[Records from a data source]
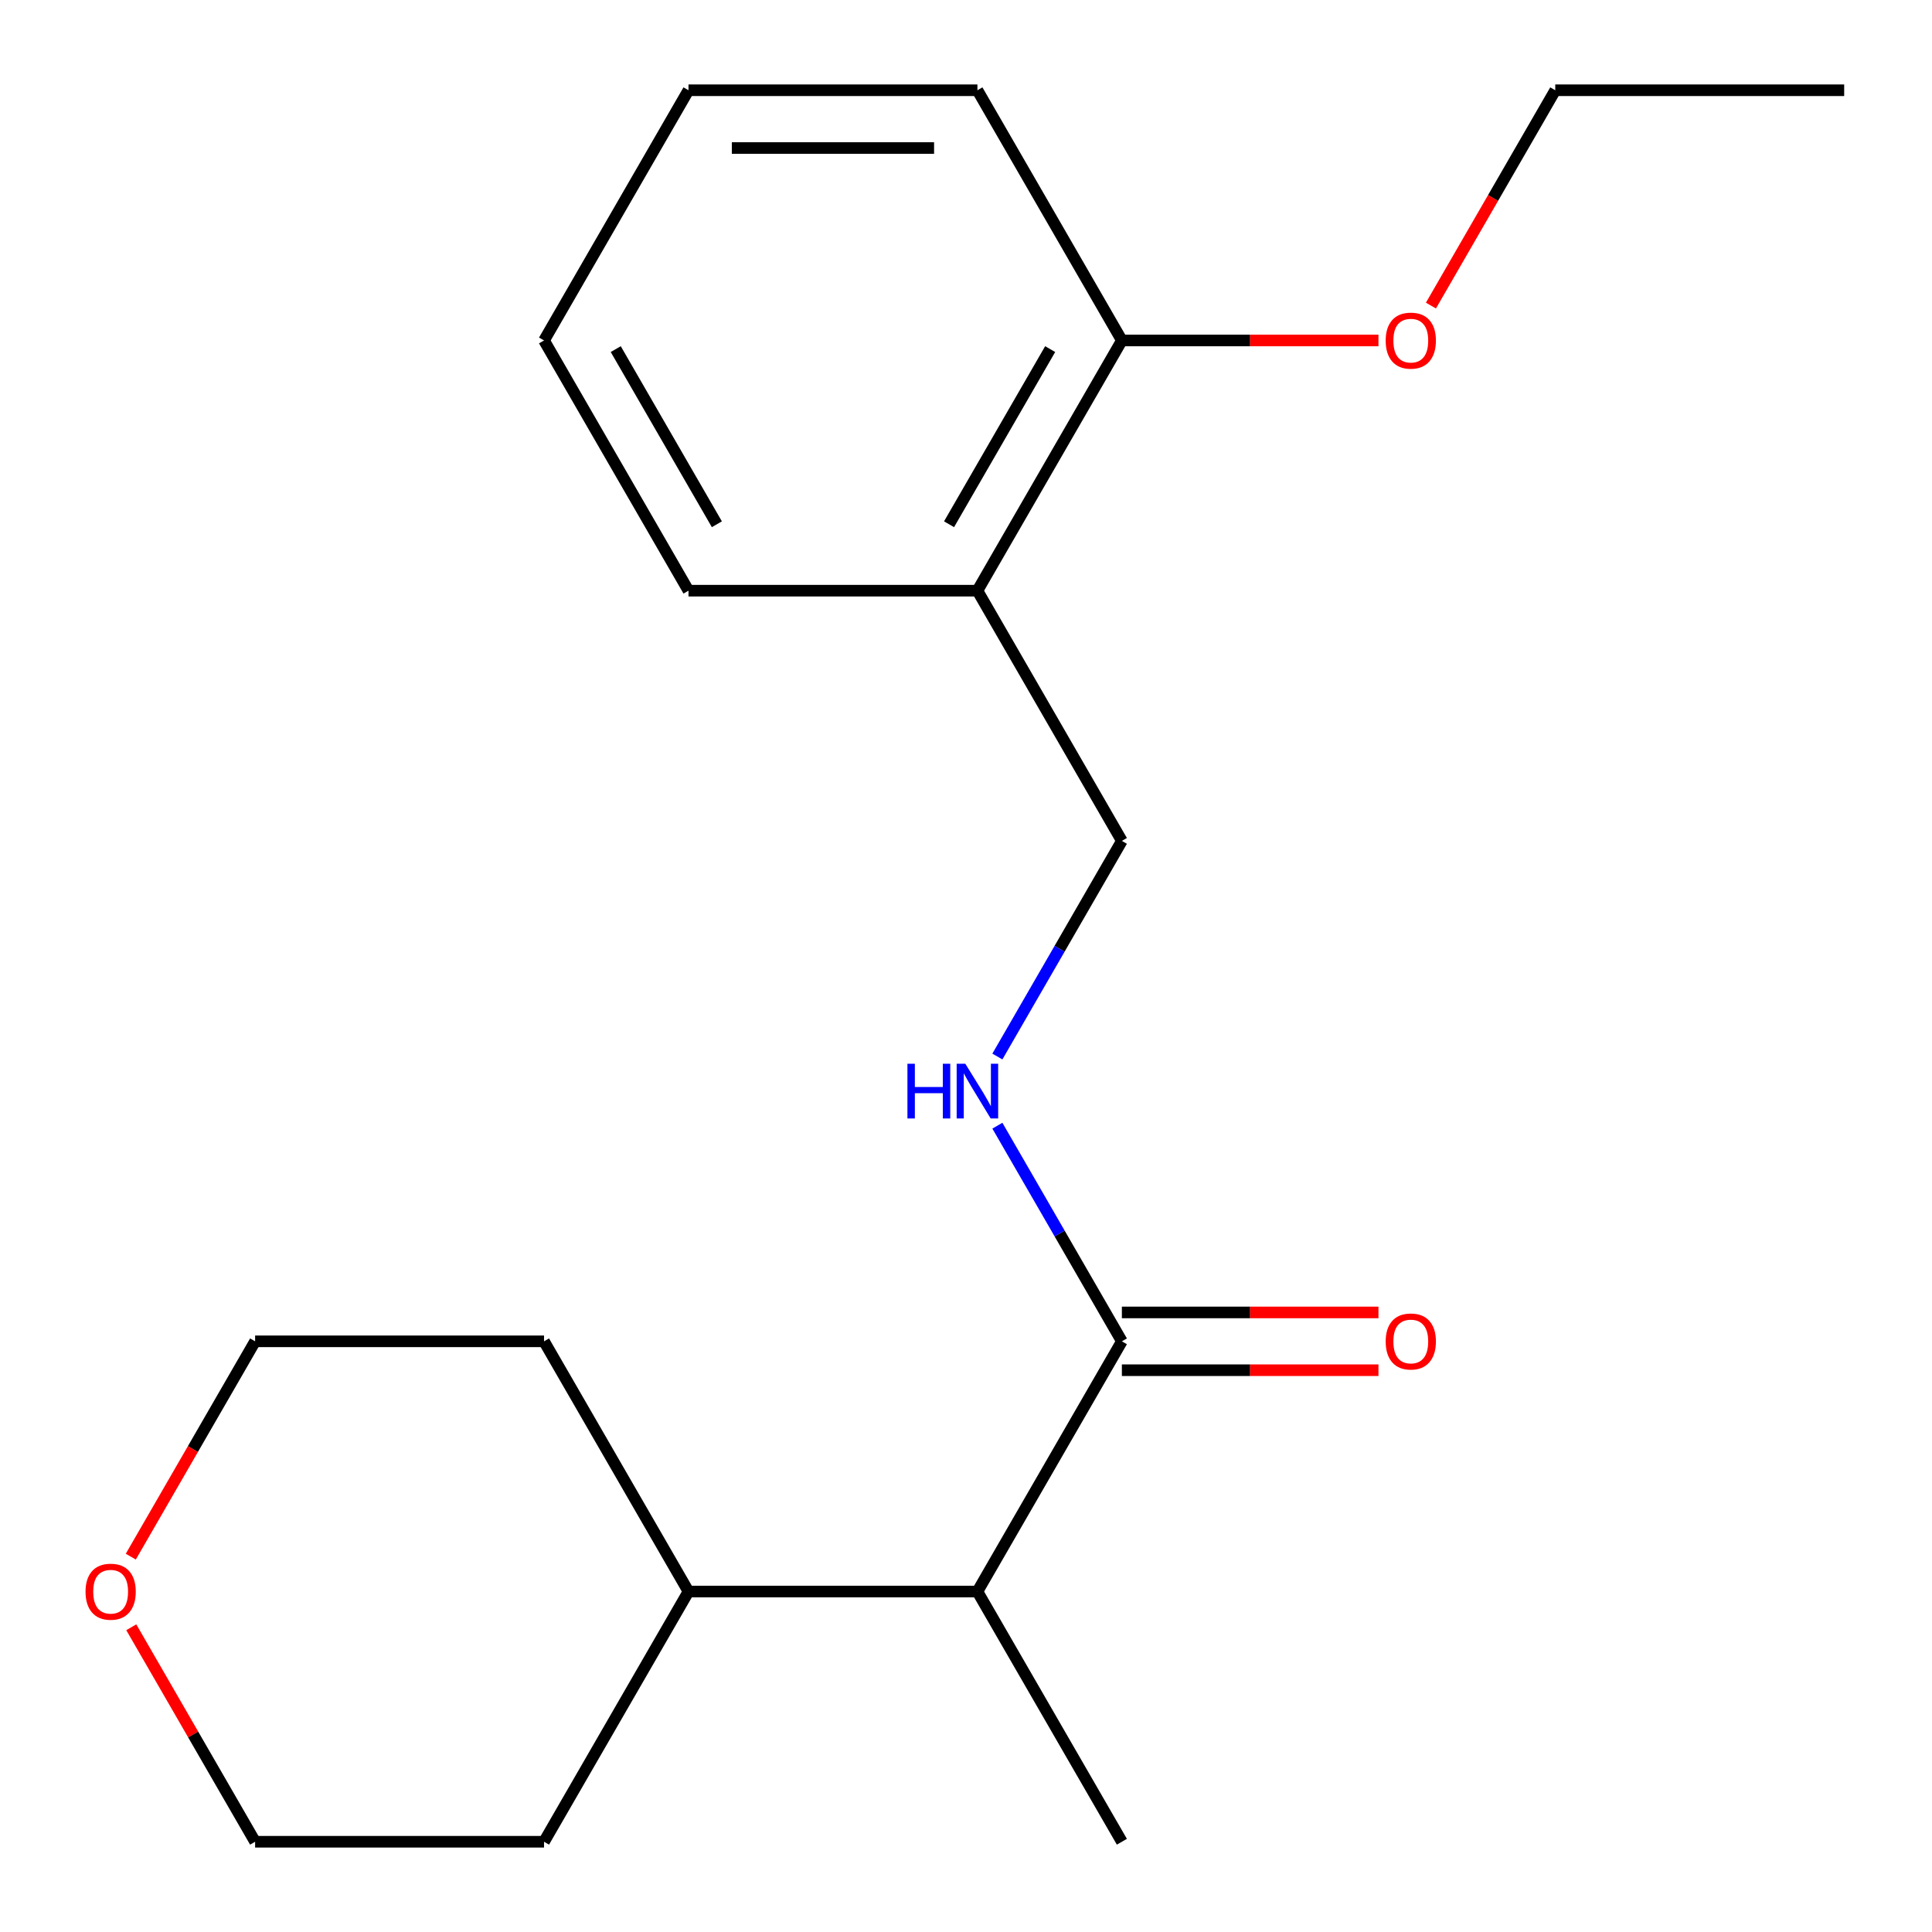 <?xml version='1.0' encoding='iso-8859-1'?>
<svg version='1.1' baseProfile='full'
              xmlns='http://www.w3.org/2000/svg'
                      xmlns:rdkit='http://www.rdkit.org/xml'
                      xmlns:xlink='http://www.w3.org/1999/xlink'
                  xml:space='preserve'
width='1000px' height='1000px' viewBox='0 0 1000 1000'>
<!-- END OF HEADER -->
<rect style='opacity:1.0;fill:#FFFFFF;stroke:none' width='1000' height='1000' x='0' y='0'> </rect>
<path class='bond-0' d='M 580.682,694.265 L 548.462,638.46' style='fill:none;fill-rule:evenodd;stroke:#000000;stroke-width:6px;stroke-linecap:butt;stroke-linejoin:miter;stroke-opacity:1' />
<path class='bond-0' d='M 548.462,638.46 L 516.243,582.654' style='fill:none;fill-rule:evenodd;stroke:#0000FF;stroke-width:6px;stroke-linecap:butt;stroke-linejoin:miter;stroke-opacity:1' />
<path class='bond-2' d='M 580.682,694.265 L 505.909,823.776' style='fill:none;fill-rule:evenodd;stroke:#000000;stroke-width:6px;stroke-linecap:butt;stroke-linejoin:miter;stroke-opacity:1' />
<path class='bond-4' d='M 580.682,709.22 L 647.085,709.22' style='fill:none;fill-rule:evenodd;stroke:#000000;stroke-width:6px;stroke-linecap:butt;stroke-linejoin:miter;stroke-opacity:1' />
<path class='bond-4' d='M 647.085,709.22 L 713.489,709.22' style='fill:none;fill-rule:evenodd;stroke:#FF0000;stroke-width:6px;stroke-linecap:butt;stroke-linejoin:miter;stroke-opacity:1' />
<path class='bond-4' d='M 580.682,679.311 L 647.085,679.311' style='fill:none;fill-rule:evenodd;stroke:#000000;stroke-width:6px;stroke-linecap:butt;stroke-linejoin:miter;stroke-opacity:1' />
<path class='bond-4' d='M 647.085,679.311 L 713.489,679.311' style='fill:none;fill-rule:evenodd;stroke:#FF0000;stroke-width:6px;stroke-linecap:butt;stroke-linejoin:miter;stroke-opacity:1' />
<path class='bond-3' d='M 516.243,546.856 L 548.462,491.051' style='fill:none;fill-rule:evenodd;stroke:#0000FF;stroke-width:6px;stroke-linecap:butt;stroke-linejoin:miter;stroke-opacity:1' />
<path class='bond-3' d='M 548.462,491.051 L 580.682,435.245' style='fill:none;fill-rule:evenodd;stroke:#000000;stroke-width:6px;stroke-linecap:butt;stroke-linejoin:miter;stroke-opacity:1' />
<path class='bond-1' d='M 505.909,305.735 L 580.682,435.245' style='fill:none;fill-rule:evenodd;stroke:#000000;stroke-width:6px;stroke-linecap:butt;stroke-linejoin:miter;stroke-opacity:1' />
<path class='bond-5' d='M 505.909,305.735 L 580.682,176.224' style='fill:none;fill-rule:evenodd;stroke:#000000;stroke-width:6px;stroke-linecap:butt;stroke-linejoin:miter;stroke-opacity:1' />
<path class='bond-5' d='M 491.223,271.354 L 543.564,180.696' style='fill:none;fill-rule:evenodd;stroke:#000000;stroke-width:6px;stroke-linecap:butt;stroke-linejoin:miter;stroke-opacity:1' />
<path class='bond-9' d='M 505.909,305.735 L 356.363,305.735' style='fill:none;fill-rule:evenodd;stroke:#000000;stroke-width:6px;stroke-linecap:butt;stroke-linejoin:miter;stroke-opacity:1' />
<path class='bond-7' d='M 505.909,823.776 L 356.363,823.776' style='fill:none;fill-rule:evenodd;stroke:#000000;stroke-width:6px;stroke-linecap:butt;stroke-linejoin:miter;stroke-opacity:1' />
<path class='bond-10' d='M 505.909,823.776 L 580.682,953.286' style='fill:none;fill-rule:evenodd;stroke:#000000;stroke-width:6px;stroke-linecap:butt;stroke-linejoin:miter;stroke-opacity:1' />
<path class='bond-8' d='M 580.682,176.224 L 647.085,176.224' style='fill:none;fill-rule:evenodd;stroke:#000000;stroke-width:6px;stroke-linecap:butt;stroke-linejoin:miter;stroke-opacity:1' />
<path class='bond-8' d='M 647.085,176.224 L 713.489,176.224' style='fill:none;fill-rule:evenodd;stroke:#FF0000;stroke-width:6px;stroke-linecap:butt;stroke-linejoin:miter;stroke-opacity:1' />
<path class='bond-13' d='M 580.682,176.224 L 505.909,46.714' style='fill:none;fill-rule:evenodd;stroke:#000000;stroke-width:6px;stroke-linecap:butt;stroke-linejoin:miter;stroke-opacity:1' />
<path class='bond-6' d='M 67.698,805.717 L 99.872,749.991' style='fill:none;fill-rule:evenodd;stroke:#FF0000;stroke-width:6px;stroke-linecap:butt;stroke-linejoin:miter;stroke-opacity:1' />
<path class='bond-6' d='M 99.872,749.991 L 132.045,694.265' style='fill:none;fill-rule:evenodd;stroke:#000000;stroke-width:6px;stroke-linecap:butt;stroke-linejoin:miter;stroke-opacity:1' />
<path class='bond-20' d='M 67.953,842.274 L 99.999,897.78' style='fill:none;fill-rule:evenodd;stroke:#FF0000;stroke-width:6px;stroke-linecap:butt;stroke-linejoin:miter;stroke-opacity:1' />
<path class='bond-20' d='M 99.999,897.78 L 132.045,953.286' style='fill:none;fill-rule:evenodd;stroke:#000000;stroke-width:6px;stroke-linecap:butt;stroke-linejoin:miter;stroke-opacity:1' />
<path class='bond-14' d='M 356.363,823.776 L 281.591,953.286' style='fill:none;fill-rule:evenodd;stroke:#000000;stroke-width:6px;stroke-linecap:butt;stroke-linejoin:miter;stroke-opacity:1' />
<path class='bond-15' d='M 356.363,823.776 L 281.591,694.265' style='fill:none;fill-rule:evenodd;stroke:#000000;stroke-width:6px;stroke-linecap:butt;stroke-linejoin:miter;stroke-opacity:1' />
<path class='bond-16' d='M 740.653,158.166 L 772.827,102.44' style='fill:none;fill-rule:evenodd;stroke:#FF0000;stroke-width:6px;stroke-linecap:butt;stroke-linejoin:miter;stroke-opacity:1' />
<path class='bond-16' d='M 772.827,102.44 L 805,46.714' style='fill:none;fill-rule:evenodd;stroke:#000000;stroke-width:6px;stroke-linecap:butt;stroke-linejoin:miter;stroke-opacity:1' />
<path class='bond-18' d='M 356.363,305.735 L 281.591,176.224' style='fill:none;fill-rule:evenodd;stroke:#000000;stroke-width:6px;stroke-linecap:butt;stroke-linejoin:miter;stroke-opacity:1' />
<path class='bond-18' d='M 371.049,271.354 L 318.709,180.696' style='fill:none;fill-rule:evenodd;stroke:#000000;stroke-width:6px;stroke-linecap:butt;stroke-linejoin:miter;stroke-opacity:1' />
<path class='bond-11' d='M 132.045,694.265 L 281.591,694.265' style='fill:none;fill-rule:evenodd;stroke:#000000;stroke-width:6px;stroke-linecap:butt;stroke-linejoin:miter;stroke-opacity:1' />
<path class='bond-12' d='M 132.045,953.286 L 281.591,953.286' style='fill:none;fill-rule:evenodd;stroke:#000000;stroke-width:6px;stroke-linecap:butt;stroke-linejoin:miter;stroke-opacity:1' />
<path class='bond-21' d='M 505.909,46.714 L 356.363,46.714' style='fill:none;fill-rule:evenodd;stroke:#000000;stroke-width:6px;stroke-linecap:butt;stroke-linejoin:miter;stroke-opacity:1' />
<path class='bond-21' d='M 483.477,76.623 L 378.795,76.623' style='fill:none;fill-rule:evenodd;stroke:#000000;stroke-width:6px;stroke-linecap:butt;stroke-linejoin:miter;stroke-opacity:1' />
<path class='bond-17' d='M 805,46.714 L 954.545,46.714' style='fill:none;fill-rule:evenodd;stroke:#000000;stroke-width:6px;stroke-linecap:butt;stroke-linejoin:miter;stroke-opacity:1' />
<path class='bond-19' d='M 281.591,176.224 L 356.363,46.714' style='fill:none;fill-rule:evenodd;stroke:#000000;stroke-width:6px;stroke-linecap:butt;stroke-linejoin:miter;stroke-opacity:1' />
<path  class='atom-1' d='M 469.689 550.595
L 473.529 550.595
L 473.529 562.635
L 488.009 562.635
L 488.009 550.595
L 491.849 550.595
L 491.849 578.915
L 488.009 578.915
L 488.009 565.835
L 473.529 565.835
L 473.529 578.915
L 469.689 578.915
L 469.689 550.595
' fill='#0000FF'/>
<path  class='atom-1' d='M 499.649 550.595
L 508.929 565.595
Q 509.849 567.075, 511.329 569.755
Q 512.809 572.435, 512.889 572.595
L 512.889 550.595
L 516.649 550.595
L 516.649 578.915
L 512.769 578.915
L 502.809 562.515
Q 501.649 560.595, 500.409 558.395
Q 499.209 556.195, 498.849 555.515
L 498.849 578.915
L 495.169 578.915
L 495.169 550.595
L 499.649 550.595
' fill='#0000FF'/>
<path  class='atom-5' d='M 717.227 694.345
Q 717.227 687.545, 720.587 683.745
Q 723.947 679.945, 730.227 679.945
Q 736.507 679.945, 739.867 683.745
Q 743.227 687.545, 743.227 694.345
Q 743.227 701.225, 739.827 705.145
Q 736.427 709.025, 730.227 709.025
Q 723.987 709.025, 720.587 705.145
Q 717.227 701.265, 717.227 694.345
M 730.227 705.825
Q 734.547 705.825, 736.867 702.945
Q 739.227 700.025, 739.227 694.345
Q 739.227 688.785, 736.867 685.985
Q 734.547 683.145, 730.227 683.145
Q 725.907 683.145, 723.547 685.945
Q 721.227 688.745, 721.227 694.345
Q 721.227 700.065, 723.547 702.945
Q 725.907 705.825, 730.227 705.825
' fill='#FF0000'/>
<path  class='atom-7' d='M 44.272 823.856
Q 44.272 817.056, 47.632 813.256
Q 50.992 809.456, 57.272 809.456
Q 63.552 809.456, 66.912 813.256
Q 70.272 817.056, 70.272 823.856
Q 70.272 830.736, 66.872 834.656
Q 63.472 838.536, 57.272 838.536
Q 51.032 838.536, 47.632 834.656
Q 44.272 830.776, 44.272 823.856
M 57.272 835.336
Q 61.592 835.336, 63.912 832.456
Q 66.272 829.536, 66.272 823.856
Q 66.272 818.296, 63.912 815.496
Q 61.592 812.656, 57.272 812.656
Q 52.952 812.656, 50.592 815.456
Q 48.272 818.256, 48.272 823.856
Q 48.272 829.576, 50.592 832.456
Q 52.952 835.336, 57.272 835.336
' fill='#FF0000'/>
<path  class='atom-9' d='M 717.227 176.304
Q 717.227 169.504, 720.587 165.704
Q 723.947 161.904, 730.227 161.904
Q 736.507 161.904, 739.867 165.704
Q 743.227 169.504, 743.227 176.304
Q 743.227 183.184, 739.827 187.104
Q 736.427 190.984, 730.227 190.984
Q 723.987 190.984, 720.587 187.104
Q 717.227 183.224, 717.227 176.304
M 730.227 187.784
Q 734.547 187.784, 736.867 184.904
Q 739.227 181.984, 739.227 176.304
Q 739.227 170.744, 736.867 167.944
Q 734.547 165.104, 730.227 165.104
Q 725.907 165.104, 723.547 167.904
Q 721.227 170.704, 721.227 176.304
Q 721.227 182.024, 723.547 184.904
Q 725.907 187.784, 730.227 187.784
' fill='#FF0000'/>
</svg>

WORK ORDER:
Given the records above, return exactly the lines starting at the line containing "L 488.009 565.835" and ending at the line containing "L 512.889 550.595", including both.

PROBLEM SOLUTION:
L 488.009 565.835
L 473.529 565.835
L 473.529 578.915
L 469.689 578.915
L 469.689 550.595
' fill='#0000FF'/>
<path  class='atom-1' d='M 499.649 550.595
L 508.929 565.595
Q 509.849 567.075, 511.329 569.755
Q 512.809 572.435, 512.889 572.595
L 512.889 550.595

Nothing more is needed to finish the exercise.